Data section START

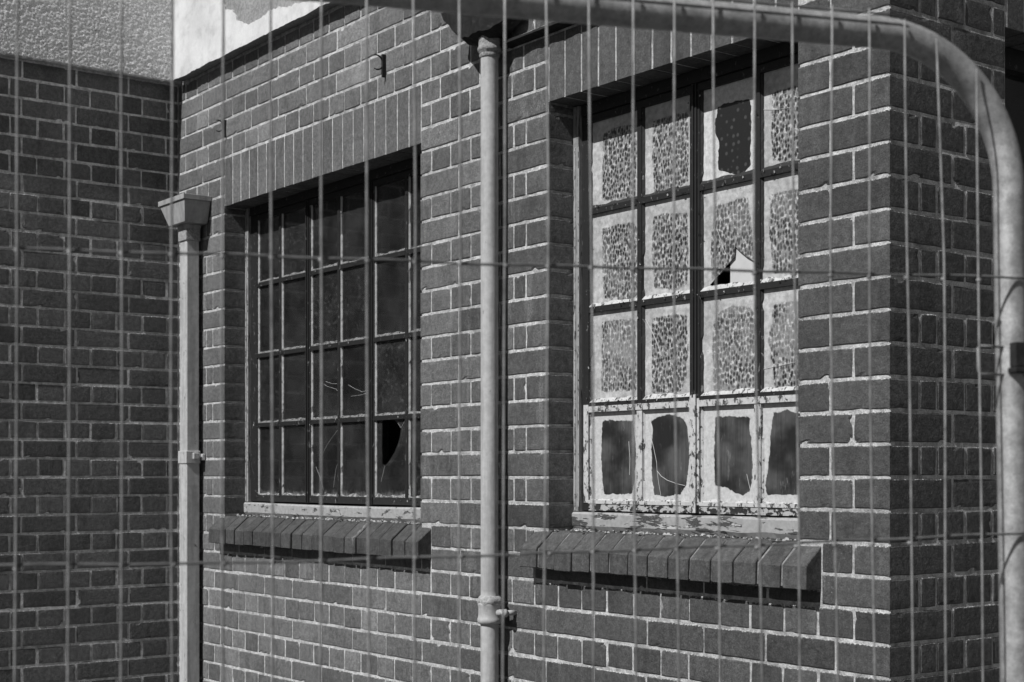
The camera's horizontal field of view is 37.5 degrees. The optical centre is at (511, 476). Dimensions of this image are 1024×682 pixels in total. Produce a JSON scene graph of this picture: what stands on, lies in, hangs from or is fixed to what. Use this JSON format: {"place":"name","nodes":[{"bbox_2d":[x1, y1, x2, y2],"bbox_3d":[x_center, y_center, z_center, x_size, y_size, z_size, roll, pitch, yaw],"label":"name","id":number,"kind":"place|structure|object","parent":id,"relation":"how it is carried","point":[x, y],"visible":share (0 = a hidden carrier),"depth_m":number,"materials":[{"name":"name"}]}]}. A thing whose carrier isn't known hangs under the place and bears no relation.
{"place":"outdoors","nodes":[
{"label":"outdoors","id":0,"kind":"place"},
{"label":"ground","id":1,"kind":"structure","parent":0,"visible":0},
{"bbox_2d":[0,0,1023,681],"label":"brick building","id":2,"kind":"structure","parent":1,"relation":"on","point":[986,36],"depth_m":4.50,"materials":[{"name":"brick"}]},
{"bbox_2d":[158,193,211,681],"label":"rainwater pipe","id":3,"kind":"object","parent":2,"relation":"attached to","point":[190,214],"visible":0.99,"depth_m":6.14,"materials":[{"name":"metal"}]},
{"bbox_2d":[216,120,226,137],"bbox_3d":[-1.155,-1.387,5.994,0.046,0.070,0.008,0,0,-37],"label":"wall hook","id":4,"kind":"object","parent":2,"relation":"attached to","point":[224,128],"depth_m":6.00,"materials":[{"name":"metal"}]},
{"bbox_2d":[229,155,421,523],"bbox_3d":[-0.655,-0.462,5.497,0.173,1.231,1.427,0,0,-37],"label":"window","id":5,"kind":"structure","parent":2,"relation":"in","point":[296,217],"depth_m":5.51,"materials":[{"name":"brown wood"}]},
{"bbox_2d":[374,54,386,77],"bbox_3d":[-0.440,-1.375,5.036,0.049,0.076,0.008,0,0,-37],"label":"wall hook","id":6,"kind":"object","parent":2,"relation":"attached to","point":[383,65],"depth_m":5.04,"materials":[{"name":"metal"}]},
{"bbox_2d":[441,13,523,45],"bbox_3d":[-0.085,-1.356,4.502,0.109,0.121,0.300,0,0,-37],"label":"broken gutter","id":7,"kind":"object","parent":2,"relation":"attached to","point":[474,28],"visible":0.6,"depth_m":4.46,"materials":[{"name":"metal"}]},
{"bbox_2d":[477,35,516,681],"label":"round downpipe","id":8,"kind":"object","parent":2,"relation":"attached to","point":[489,599],"visible":0.97,"depth_m":4.46,"materials":[{"name":"grey metal"}]},
{"bbox_2d":[554,41,799,540],"bbox_3d":[0.459,-0.462,4.009,0.174,1.231,0.955,0,0,-37],"label":"window","id":9,"kind":"structure","parent":2,"relation":"in","point":[611,117],"depth_m":4.02,"materials":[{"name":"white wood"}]},
{"bbox_2d":[1005,46,1023,170],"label":"window","id":10,"kind":"structure","parent":2,"relation":"in","point":[1014,59],"depth_m":3.84,"materials":[{"name":"black paint"}]},
{"bbox_2d":[0,0,1023,681],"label":"fence panel","id":11,"kind":"object","parent":1,"relation":"on","point":[960,72],"visible":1,"depth_m":1.54,"materials":[{"name":"metal"}]}
]}

Data section END

Each line above should be output exactly, apart from the pictures.

The camera's horizontal field of view is 37.5 degrees. The optical centre is at (511, 476). Dimensions of this image are 1024×682 pixels in total. Produce a JSON scene graph of this picture: what stands on, lies in, hangs from or is fixed to what. Use this JSON format: {"place":"name","nodes":[{"bbox_2d":[x1, y1, x2, y2],"bbox_3d":[x_center, y_center, z_center, x_size, y_size, z_size, roll, pitch, yaw],"label":"name","id":number,"kind":"place|structure|object","parent":id,"relation":"how it is carried","point":[x, y],"visible":share (0 = a hidden carrier),"depth_m":number,"materials":[{"name":"name"}]}]}. A thing whose carrier isn't known hangs under the place and bears no relation.
{"place":"outdoors","nodes":[
{"label":"outdoors","id":0,"kind":"place"},
{"label":"ground","id":1,"kind":"structure","parent":0,"visible":0},
{"bbox_2d":[0,0,1023,681],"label":"brick building","id":2,"kind":"structure","parent":1,"relation":"on","point":[986,36],"depth_m":4.50,"materials":[{"name":"brick"}]},
{"bbox_2d":[158,193,211,681],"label":"rainwater pipe","id":3,"kind":"object","parent":2,"relation":"attached to","point":[190,214],"visible":0.99,"depth_m":6.14,"materials":[{"name":"metal"}]},
{"bbox_2d":[216,120,226,137],"bbox_3d":[-1.155,-1.387,5.994,0.046,0.070,0.008,0,0,-37],"label":"wall hook","id":4,"kind":"object","parent":2,"relation":"attached to","point":[224,128],"depth_m":6.00,"materials":[{"name":"metal"}]},
{"bbox_2d":[229,155,421,523],"bbox_3d":[-0.655,-0.462,5.497,0.173,1.231,1.427,0,0,-37],"label":"window","id":5,"kind":"structure","parent":2,"relation":"in","point":[296,217],"depth_m":5.51,"materials":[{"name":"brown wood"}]},
{"bbox_2d":[374,54,386,77],"bbox_3d":[-0.440,-1.375,5.036,0.049,0.076,0.008,0,0,-37],"label":"wall hook","id":6,"kind":"object","parent":2,"relation":"attached to","point":[383,65],"depth_m":5.04,"materials":[{"name":"metal"}]},
{"bbox_2d":[441,13,523,45],"bbox_3d":[-0.085,-1.356,4.502,0.109,0.121,0.300,0,0,-37],"label":"broken gutter","id":7,"kind":"object","parent":2,"relation":"attached to","point":[474,28],"visible":0.6,"depth_m":4.46,"materials":[{"name":"metal"}]},
{"bbox_2d":[477,35,516,681],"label":"round downpipe","id":8,"kind":"object","parent":2,"relation":"attached to","point":[489,599],"visible":0.97,"depth_m":4.46,"materials":[{"name":"grey metal"}]},
{"bbox_2d":[554,41,799,540],"bbox_3d":[0.459,-0.462,4.009,0.174,1.231,0.955,0,0,-37],"label":"window","id":9,"kind":"structure","parent":2,"relation":"in","point":[611,117],"depth_m":4.02,"materials":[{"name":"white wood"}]},
{"bbox_2d":[1005,46,1023,170],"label":"window","id":10,"kind":"structure","parent":2,"relation":"in","point":[1014,59],"depth_m":3.84,"materials":[{"name":"black paint"}]},
{"bbox_2d":[0,0,1023,681],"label":"fence panel","id":11,"kind":"object","parent":1,"relation":"on","point":[960,72],"visible":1,"depth_m":1.54,"materials":[{"name":"metal"}]}
]}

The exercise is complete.